What is needed:
Please return each entry that follows exactly as given, but without pictures.

(Stored data entries)
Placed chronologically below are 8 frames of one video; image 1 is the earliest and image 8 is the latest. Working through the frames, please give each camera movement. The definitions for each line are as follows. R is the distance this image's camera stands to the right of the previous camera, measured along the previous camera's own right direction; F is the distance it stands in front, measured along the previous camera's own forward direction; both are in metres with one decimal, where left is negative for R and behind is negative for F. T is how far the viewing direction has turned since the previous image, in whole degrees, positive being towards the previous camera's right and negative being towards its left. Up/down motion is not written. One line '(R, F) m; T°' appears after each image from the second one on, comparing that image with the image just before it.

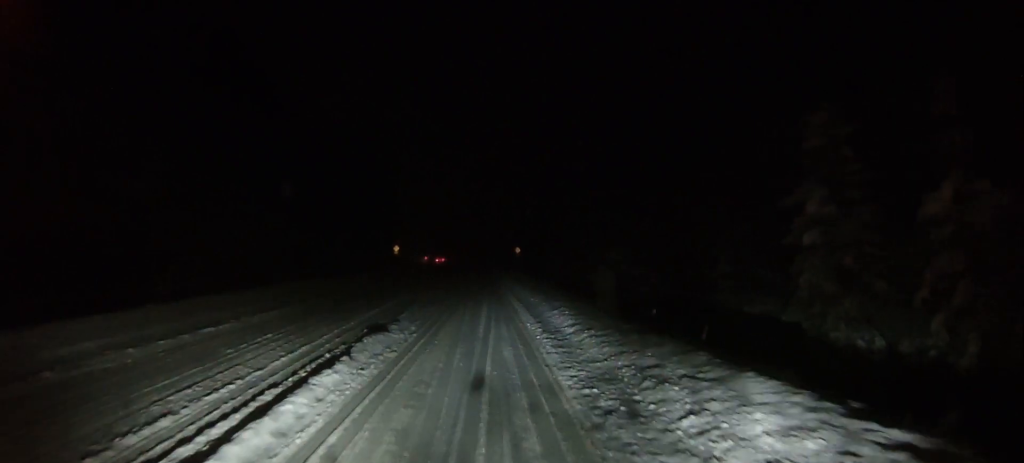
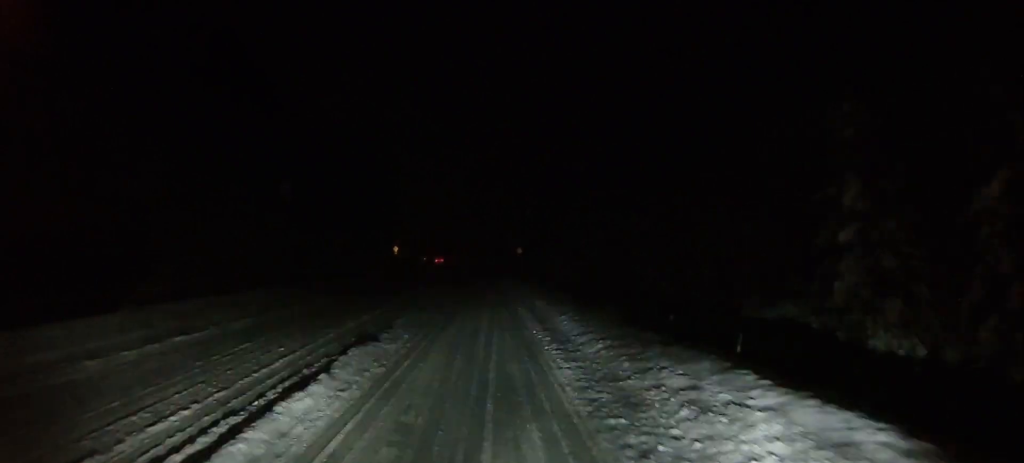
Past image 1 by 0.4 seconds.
(0.0, +2.1) m; +1°
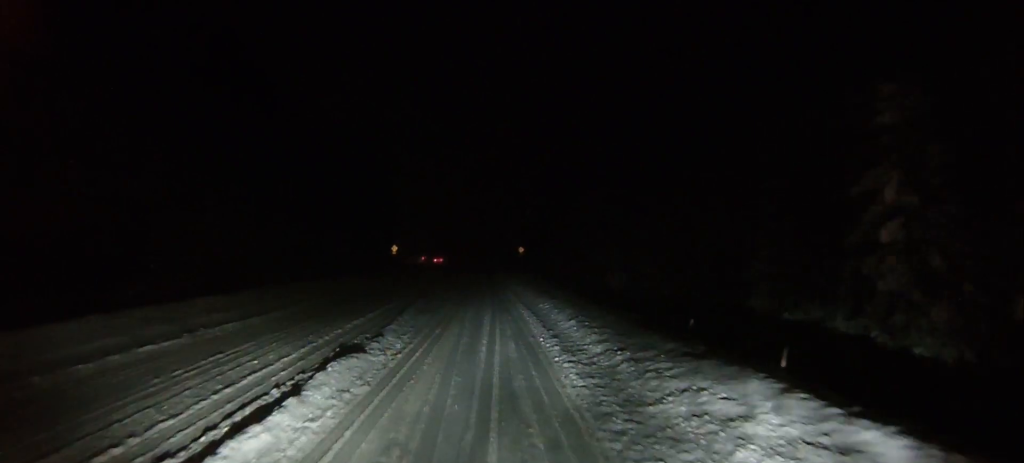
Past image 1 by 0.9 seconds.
(+0.1, +2.1) m; +1°
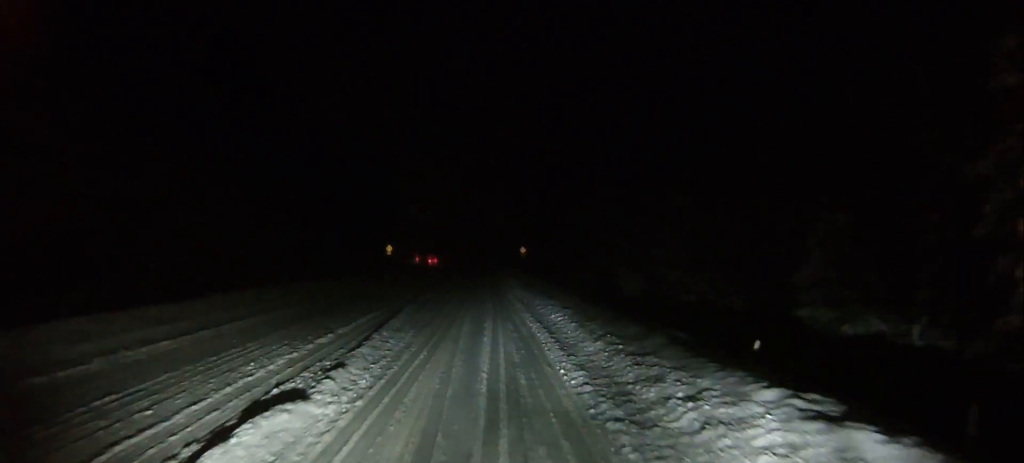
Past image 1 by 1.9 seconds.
(+0.1, +5.0) m; -2°
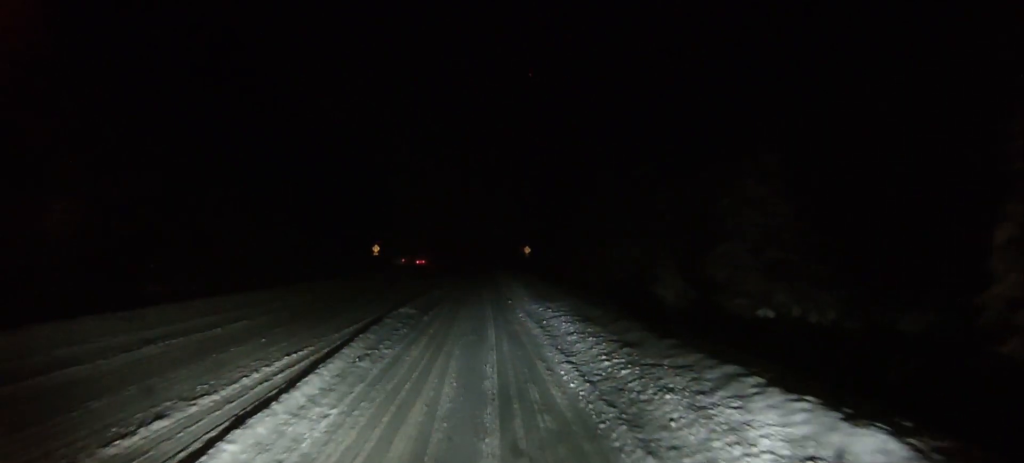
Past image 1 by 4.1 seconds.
(0.0, +10.8) m; -1°
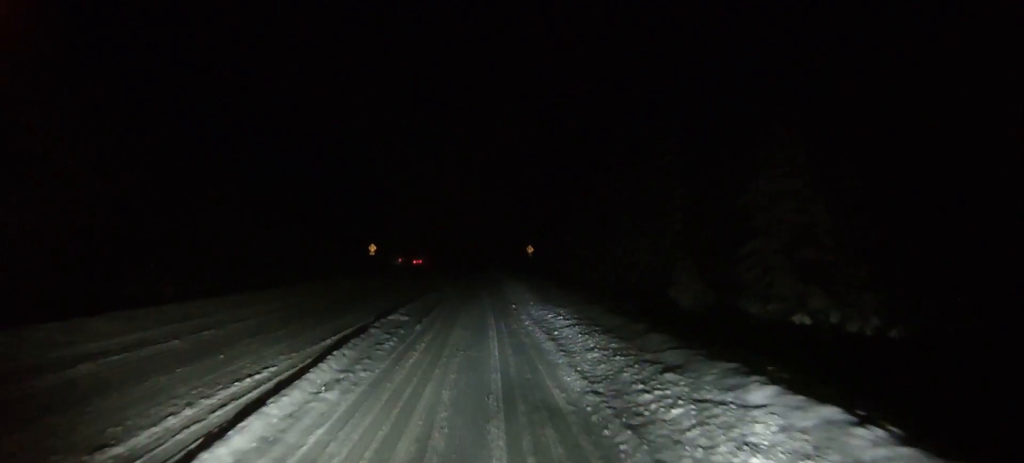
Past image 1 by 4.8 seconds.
(-0.2, +3.3) m; 0°
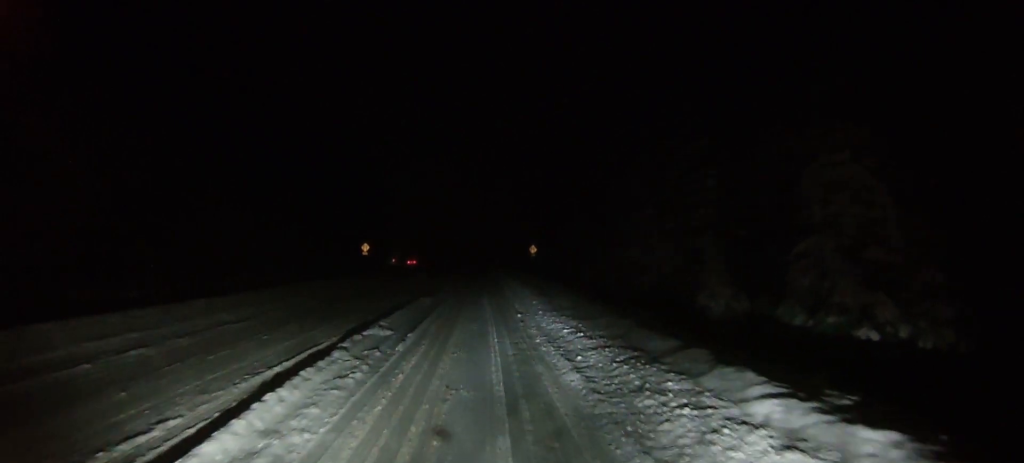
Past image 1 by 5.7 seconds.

Task output:
Placed chronologically below are 8 frames of one video; image 1 is the earliest and image 8 is the latest. Working through the frames, please give each camera movement. The definitions for each line are as follows. R is the distance this image's camera stands to the right of the previous camera, measured along the previous camera's own right direction; F is the distance it stands in front, measured along the previous camera's own forward direction; both are in metres with one decimal, where left is negative for R and behind is negative for F. T is how far the viewing direction has turned since the previous image, in whole degrees, positive being towards the previous camera's right and negative being towards its left. Up/down motion is not written. One line '(R, F) m; T°' appears after each image from the second one on, comparing that image with the image just before it.

Past image 1 by 0.4 seconds.
(0.0, +2.1) m; +1°
Past image 1 by 0.9 seconds.
(+0.1, +2.1) m; +1°
Past image 1 by 1.9 seconds.
(+0.1, +5.0) m; -2°
Past image 1 by 4.1 seconds.
(0.0, +10.8) m; -1°
Past image 1 by 4.8 seconds.
(-0.2, +3.3) m; 0°
Past image 1 by 5.7 seconds.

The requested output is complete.